● DIRECTIONS FOR THIS TASK: A faithful transcript of all the lines below, with no pictures, is the goal here.

[[ DATASET open ]]

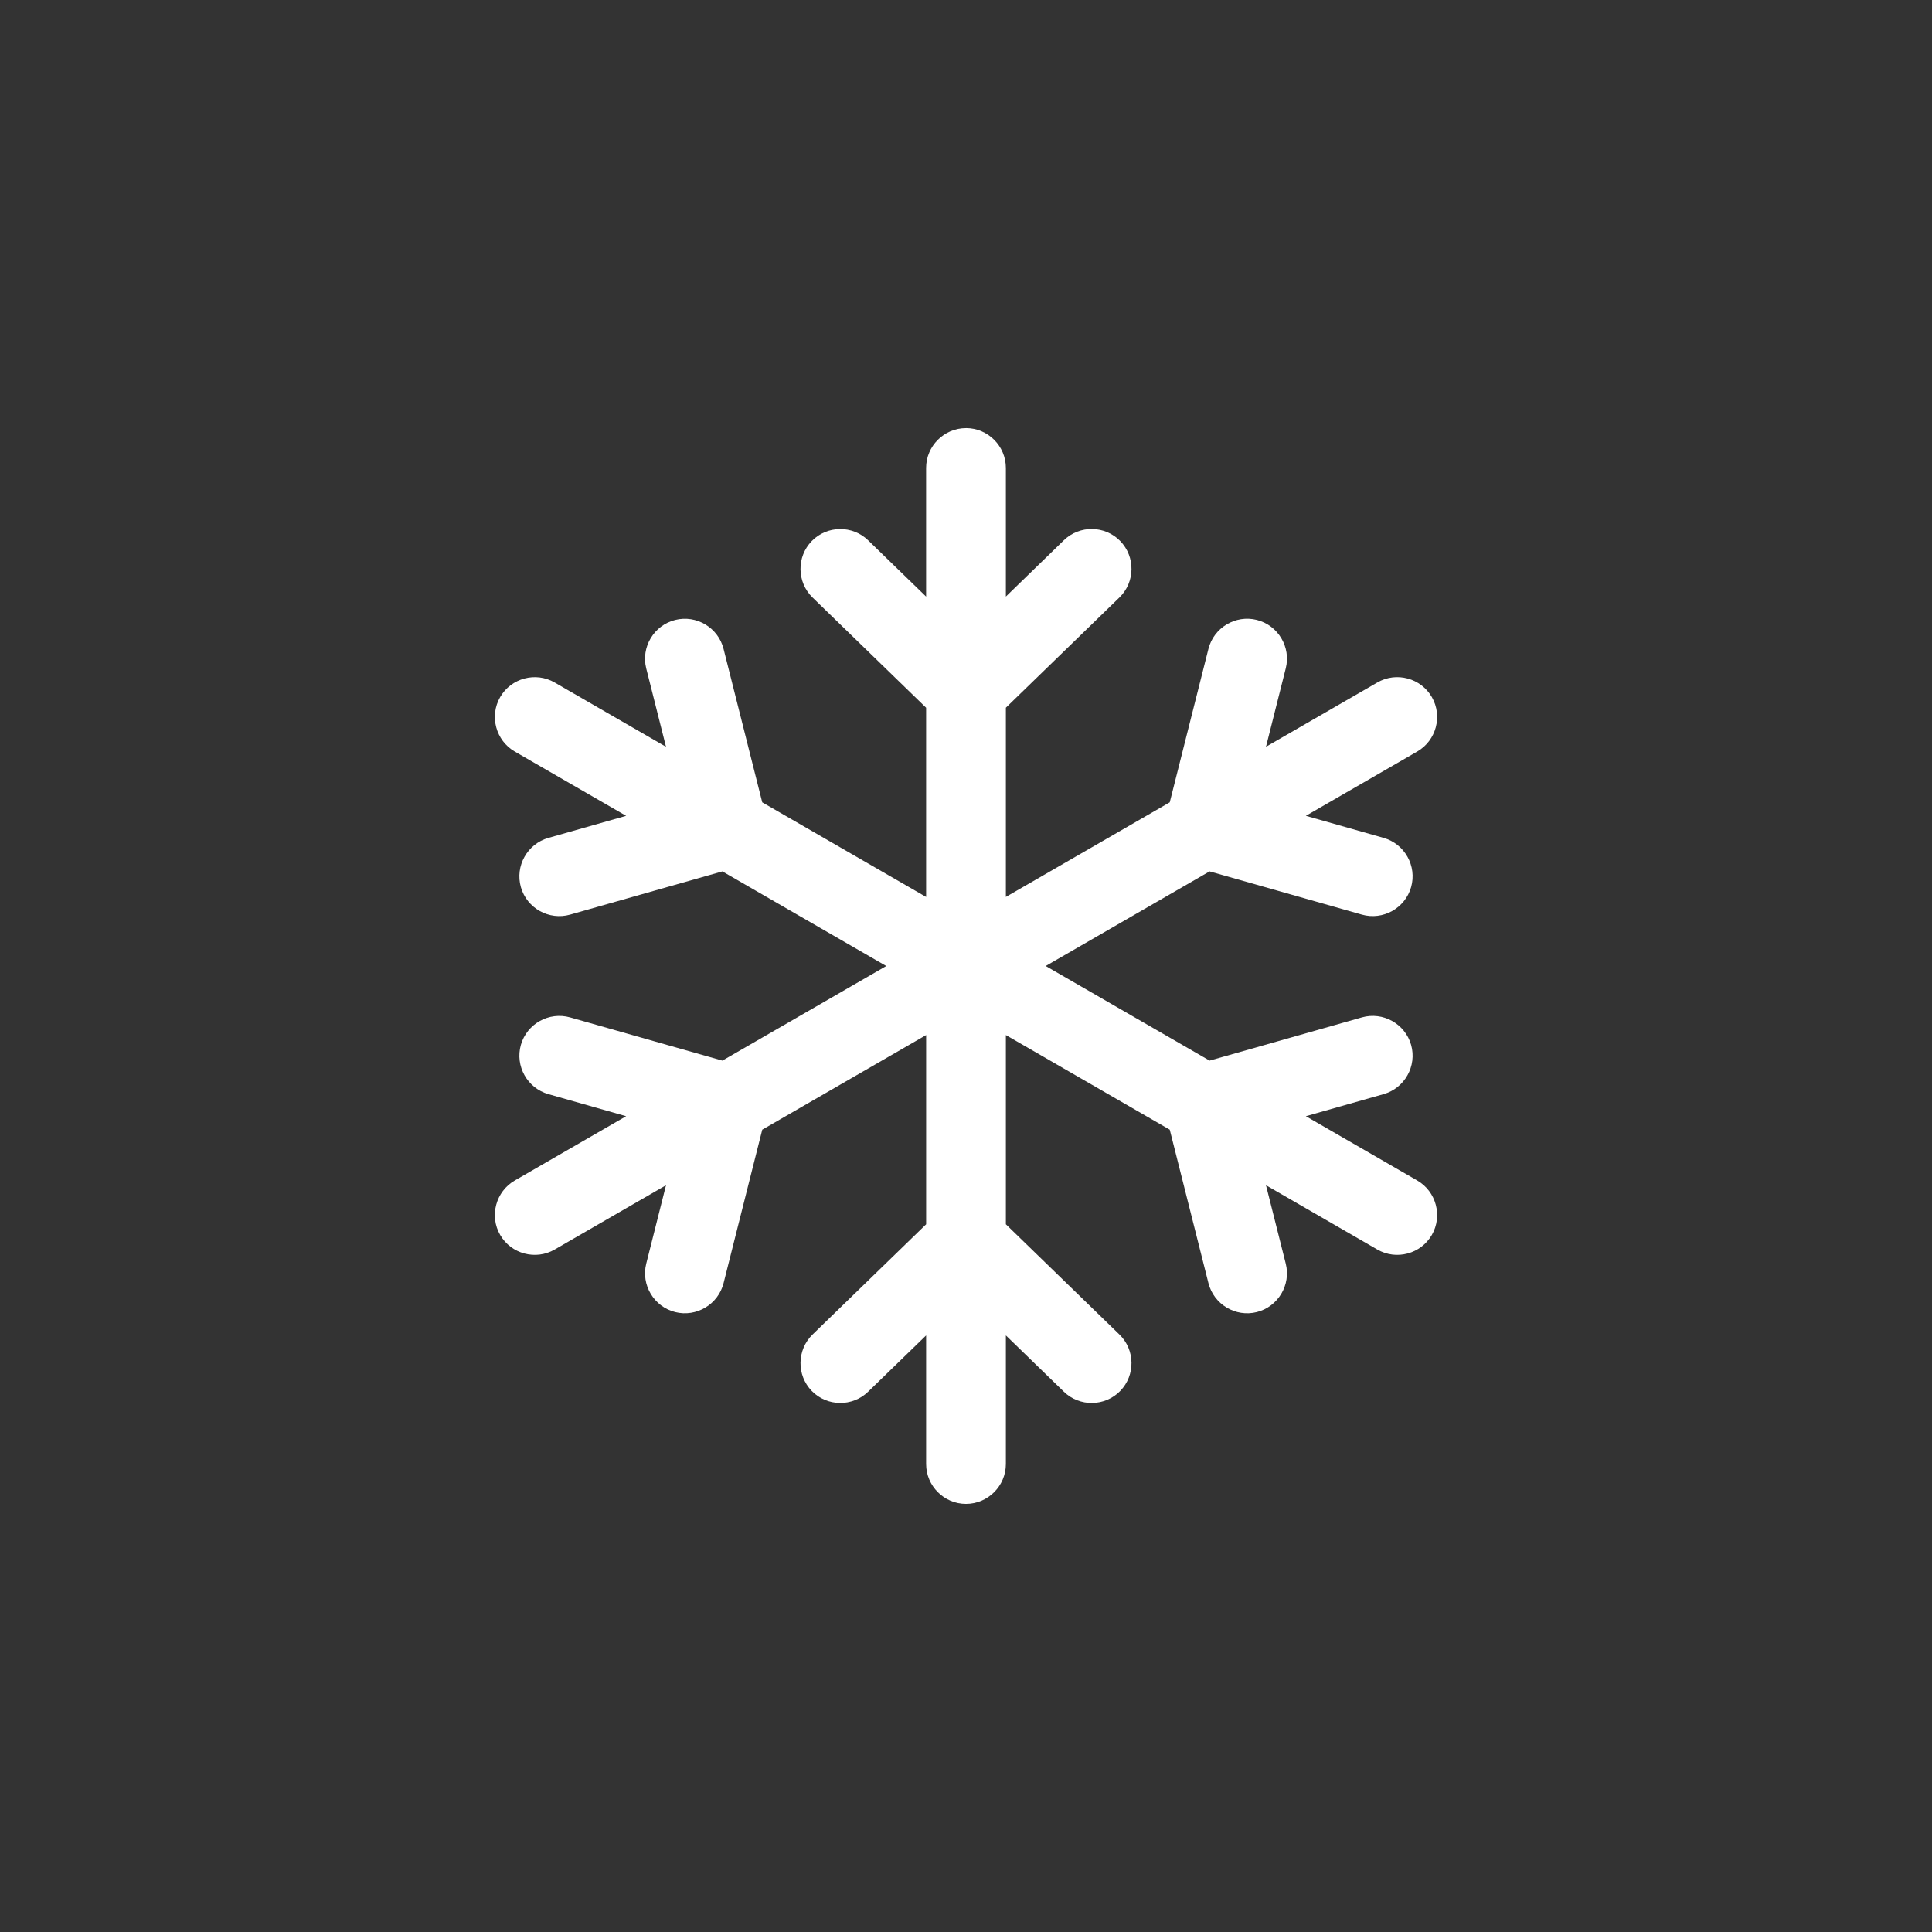 <?xml version="1.0" encoding="UTF-8"?>
<svg xmlns="http://www.w3.org/2000/svg" version="1.1" viewBox="0 0 1080 1080">
  <rect x="0" y="0" width="1080" height="1080" fill="#333333" stroke="none"/>
  <defs>
    <style>
      .cls-1 {
        fill: #fff;
        fill-rule: evenodd;
      }
    </style>
  </defs>
  <g>
    <g id="Layer_1">
      <g id="Layer_1-2" data-name="Layer_1">
        <path class="cls-1" d="M540,239.3h0c12.26,0,22.29,10.03,22.29,22.29v71.89l32.43-31.49c8.8-8.54,22.98-8.32,31.52.47h0c8.54,8.8,8.33,22.98-.47,31.52l-63.48,61.63v105.78l91.61-52.89,21.63-85.79c3-11.89,15.18-19.16,27.06-16.16h0c11.89,3,19.16,15.17,16.16,27.06l-11.05,43.83,3.45-1.99,58.81-33.95c10.62-6.13,24.32-2.46,30.45,8.16h0c6.13,10.62,2.46,24.32-8.16,30.45l-58.81,33.95-3.45,1.99,43.48,12.34c11.79,3.35,18.7,15.74,15.35,27.53h0c-3.35,11.79-15.74,18.7-27.53,15.35l-85.12-24.16-91.61,52.89,91.61,52.89,85.12-24.16c11.79-3.35,24.18,3.56,27.53,15.36h0c3.35,11.79-3.56,24.18-15.35,27.53l-43.48,12.34,3.45,1.99,58.81,33.96c10.62,6.13,14.29,19.83,8.16,30.44h0c-6.13,10.62-19.83,14.29-30.45,8.16l-58.81-33.96-3.45-1.99,11.05,43.83c3,11.88-4.28,24.06-16.16,27.06h0c-11.89,3-24.06-4.28-27.06-16.17l-21.63-85.79-91.61-52.89v105.78l63.48,61.63c8.8,8.54,9.01,22.72.47,31.52h0c-8.54,8.8-22.72,9.01-31.52.46l-32.43-31.48v71.88c0,12.26-10.03,22.29-22.29,22.29h0c-12.26,0-22.29-10.03-22.29-22.29v-71.88l-32.43,31.48c-8.8,8.54-22.98,8.34-31.52-.46h0c-8.54-8.8-8.32-22.98.47-31.52l63.49-61.63v-105.78l-54.13,31.25-37.48,21.64-21.63,85.79c-3,11.89-15.17,19.16-27.06,16.17h0c-11.88-3-19.16-15.18-16.17-27.06l11.05-43.83-3.45,1.99-58.81,33.96c-10.62,6.13-24.32,2.46-30.45-8.16h0c-6.13-10.61-2.46-24.31,8.16-30.44l58.81-33.96,3.45-1.99-43.48-12.34c-11.79-3.35-18.7-15.74-15.36-27.53h0c3.35-11.79,15.74-18.7,27.53-15.36l85.11,24.16,37.48-21.63,54.13-31.25-54.13-31.25-37.48-21.64-85.11,24.16c-11.79,3.35-24.18-3.56-27.53-15.35h0c-3.34-11.79,3.57-24.18,15.36-27.53l43.48-12.34-3.45-1.99-58.81-33.95c-10.61-6.13-14.28-19.83-8.16-30.45h0c6.13-10.62,19.84-14.29,30.45-8.16l58.81,33.96,3.45,1.99-11.06-43.83c-2.99-11.88,4.28-24.06,16.17-27.06h0c11.88-3,24.06,4.27,27.06,16.16l21.63,85.79,37.48,21.64,54.13,31.25v-105.78l-63.49-61.63c-8.79-8.54-9-22.72-.47-31.52h0c8.54-8.79,22.72-9,31.52-.47l32.43,31.49v-71.89c0-12.26,10.03-22.29,22.29-22.29v-.02Z"></path>
      </g>
    </g>
  </g>
</svg>

[[ DATASET closed ]]

● ANSWER TO THE EXERCISE:
 <?xml version="1.0" encoding="UTF-8"?>
<svg xmlns="http://www.w3.org/2000/svg" version="1.1" viewBox="0 0 1080 1080">
  <rect x="0" y="0" width="1080" height="1080" fill="#333333" stroke="none"/>
  <defs>
    <style>
      .cls-1 {
        fill: #fff;
        fill-rule: evenodd;
      }
    </style>
  </defs>
  <g>
    <g id="Layer_1">
      <g id="Layer_1-2" data-name="Layer_1">
        <path class="cls-1" d="M540,239.3h0c12.26,0,22.29,10.03,22.29,22.29v71.89l32.43-31.49c8.8-8.54,22.98-8.32,31.52.47h0c8.54,8.8,8.33,22.98-.47,31.52l-63.48,61.63v105.78l91.61-52.89,21.63-85.79c3-11.89,15.18-19.16,27.06-16.16h0c11.89,3,19.16,15.17,16.16,27.06l-11.05,43.83,3.45-1.99,58.81-33.95c10.62-6.13,24.32-2.46,30.45,8.16h0c6.13,10.62,2.46,24.32-8.16,30.45l-58.81,33.95-3.45,1.99,43.48,12.34c11.79,3.35,18.7,15.74,15.35,27.53h0c-3.35,11.79-15.74,18.7-27.53,15.35l-85.12-24.16-91.61,52.89,91.61,52.89,85.12-24.16c11.79-3.35,24.18,3.56,27.53,15.36h0c3.35,11.79-3.56,24.18-15.35,27.53l-43.48,12.34,3.45,1.99,58.81,33.96c10.62,6.13,14.29,19.83,8.16,30.44h0c-6.13,10.62-19.83,14.29-30.45,8.16l-58.81-33.96-3.45-1.99,11.05,43.83c3,11.88-4.28,24.06-16.16,27.06h0c-11.89,3-24.06-4.28-27.06-16.17l-21.63-85.79-91.61-52.89v105.78l63.48,61.63c8.8,8.54,9.01,22.72.47,31.52h0c-8.54,8.8-22.72,9.01-31.52.46l-32.43-31.48v71.88c0,12.26-10.03,22.29-22.29,22.29h0c-12.26,0-22.29-10.03-22.29-22.29v-71.88l-32.43,31.48c-8.8,8.54-22.98,8.34-31.52-.46h0c-8.54-8.8-8.32-22.98.47-31.52l63.49-61.63v-105.78l-54.13,31.25-37.48,21.64-21.63,85.79c-3,11.89-15.17,19.16-27.06,16.17h0c-11.88-3-19.16-15.18-16.17-27.06l11.05-43.83-3.45,1.99-58.81,33.96c-10.62,6.13-24.32,2.46-30.45-8.16h0c-6.13-10.61-2.46-24.31,8.16-30.44l58.81-33.96,3.45-1.99-43.48-12.34c-11.79-3.35-18.7-15.74-15.36-27.53h0c3.35-11.79,15.74-18.7,27.53-15.36l85.11,24.16,37.48-21.63,54.13-31.25-54.13-31.25-37.48-21.64-85.11,24.16c-11.79,3.35-24.18-3.56-27.53-15.35h0c-3.34-11.79,3.57-24.18,15.36-27.53l43.48-12.34-3.45-1.99-58.81-33.95c-10.61-6.13-14.28-19.83-8.16-30.45h0c6.13-10.62,19.84-14.29,30.45-8.16l58.81,33.96,3.45,1.99-11.06-43.83c-2.99-11.88,4.28-24.06,16.17-27.06h0c11.88-3,24.06,4.27,27.06,16.16l21.63,85.79,37.48,21.64,54.13,31.25v-105.78l-63.49-61.63c-8.79-8.54-9-22.72-.47-31.52h0c8.54-8.79,22.72-9,31.52-.47l32.43,31.49v-71.89c0-12.26,10.03-22.29,22.29-22.29v-.02Z"></path>
      </g>
    </g>
  </g>
</svg>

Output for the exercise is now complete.